WHAT YOU SHOULD DO — Type the entries out again exactly as they read, but leave every picture behind.

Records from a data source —

───

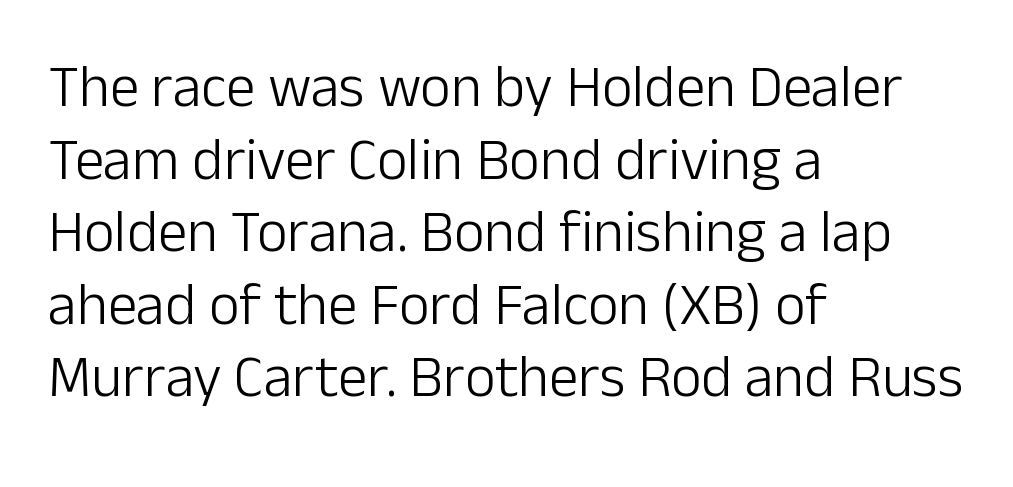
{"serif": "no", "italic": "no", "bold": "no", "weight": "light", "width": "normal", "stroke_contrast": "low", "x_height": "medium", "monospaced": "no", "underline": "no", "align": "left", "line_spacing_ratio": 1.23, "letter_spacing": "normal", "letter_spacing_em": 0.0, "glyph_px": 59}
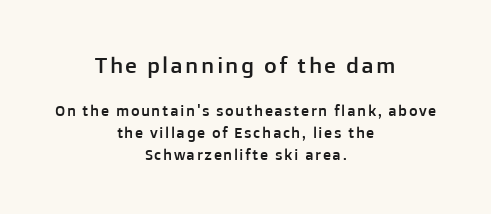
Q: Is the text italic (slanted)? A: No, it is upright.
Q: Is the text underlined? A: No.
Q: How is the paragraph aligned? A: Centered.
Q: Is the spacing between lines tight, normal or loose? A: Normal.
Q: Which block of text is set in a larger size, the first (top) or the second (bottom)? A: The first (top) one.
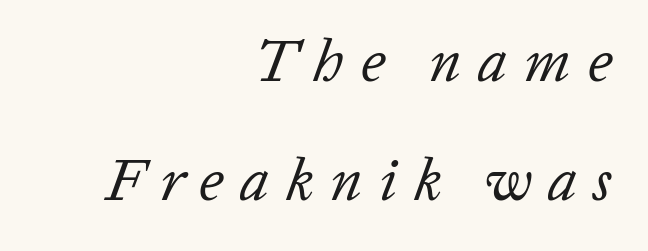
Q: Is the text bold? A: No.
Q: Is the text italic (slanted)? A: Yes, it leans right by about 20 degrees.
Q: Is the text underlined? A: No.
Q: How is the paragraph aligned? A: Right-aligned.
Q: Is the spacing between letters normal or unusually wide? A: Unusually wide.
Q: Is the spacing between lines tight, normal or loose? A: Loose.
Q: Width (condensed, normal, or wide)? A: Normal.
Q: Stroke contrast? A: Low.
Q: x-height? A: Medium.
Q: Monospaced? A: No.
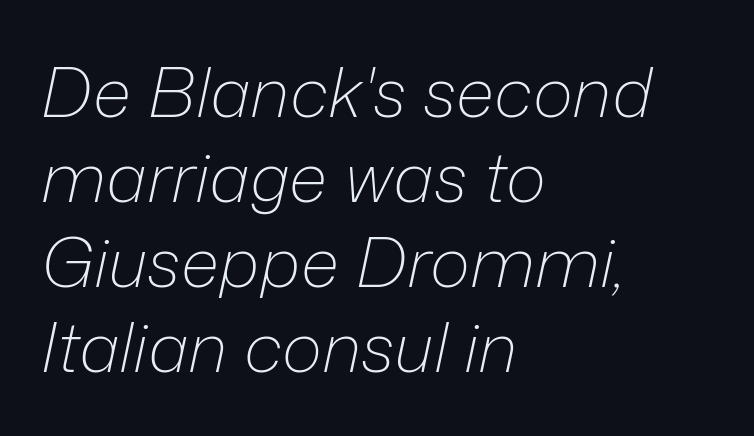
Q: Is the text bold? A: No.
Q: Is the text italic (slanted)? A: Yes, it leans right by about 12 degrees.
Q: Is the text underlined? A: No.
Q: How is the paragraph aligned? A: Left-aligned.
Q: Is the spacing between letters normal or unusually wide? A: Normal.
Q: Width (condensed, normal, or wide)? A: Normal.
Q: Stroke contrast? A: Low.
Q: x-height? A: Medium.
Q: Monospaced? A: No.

───

PROBLEM SOLUTION —
{"serif": "no", "italic": "no", "bold": "no", "weight": "light", "width": "normal", "stroke_contrast": "low", "x_height": "medium", "monospaced": "no", "underline": "no", "align": "left", "line_spacing_ratio": 1.23, "letter_spacing": "normal", "letter_spacing_em": 0.0, "glyph_px": 59}
Q: Is the text italic (slanted)? A: No, it is upright.
Q: Is the text underlined? A: No.
Q: How is the paragraph aligned? A: Centered.
Q: Is the spacing between lines tight, normal or loose? A: Normal.
Q: Which block of text is set in a larger size, the first (top) or the second (bottom)? A: The first (top) one.
Q: Is the text bold? A: No.
Q: Is the text italic (slanted)? A: Yes, it leans right by about 20 degrees.
Q: Is the text underlined? A: No.
Q: How is the paragraph aligned? A: Right-aligned.
Q: Is the spacing between letters normal or unusually wide? A: Unusually wide.
Q: Is the spacing between lines tight, normal or loose? A: Loose.
Q: Width (condensed, normal, or wide)? A: Normal.
Q: Stroke contrast? A: Low.
Q: x-height? A: Medium.
Q: Monospaced? A: No.
Q: Is the text bold? A: No.
Q: Is the text italic (slanted)? A: Yes, it leans right by about 12 degrees.
Q: Is the text underlined? A: No.
Q: How is the paragraph aligned? A: Left-aligned.
Q: Is the spacing between letters normal or unusually wide? A: Normal.
Q: Width (condensed, normal, or wide)? A: Normal.
Q: Stroke contrast? A: Low.
Q: x-height? A: Medium.
Q: Monospaced? A: No.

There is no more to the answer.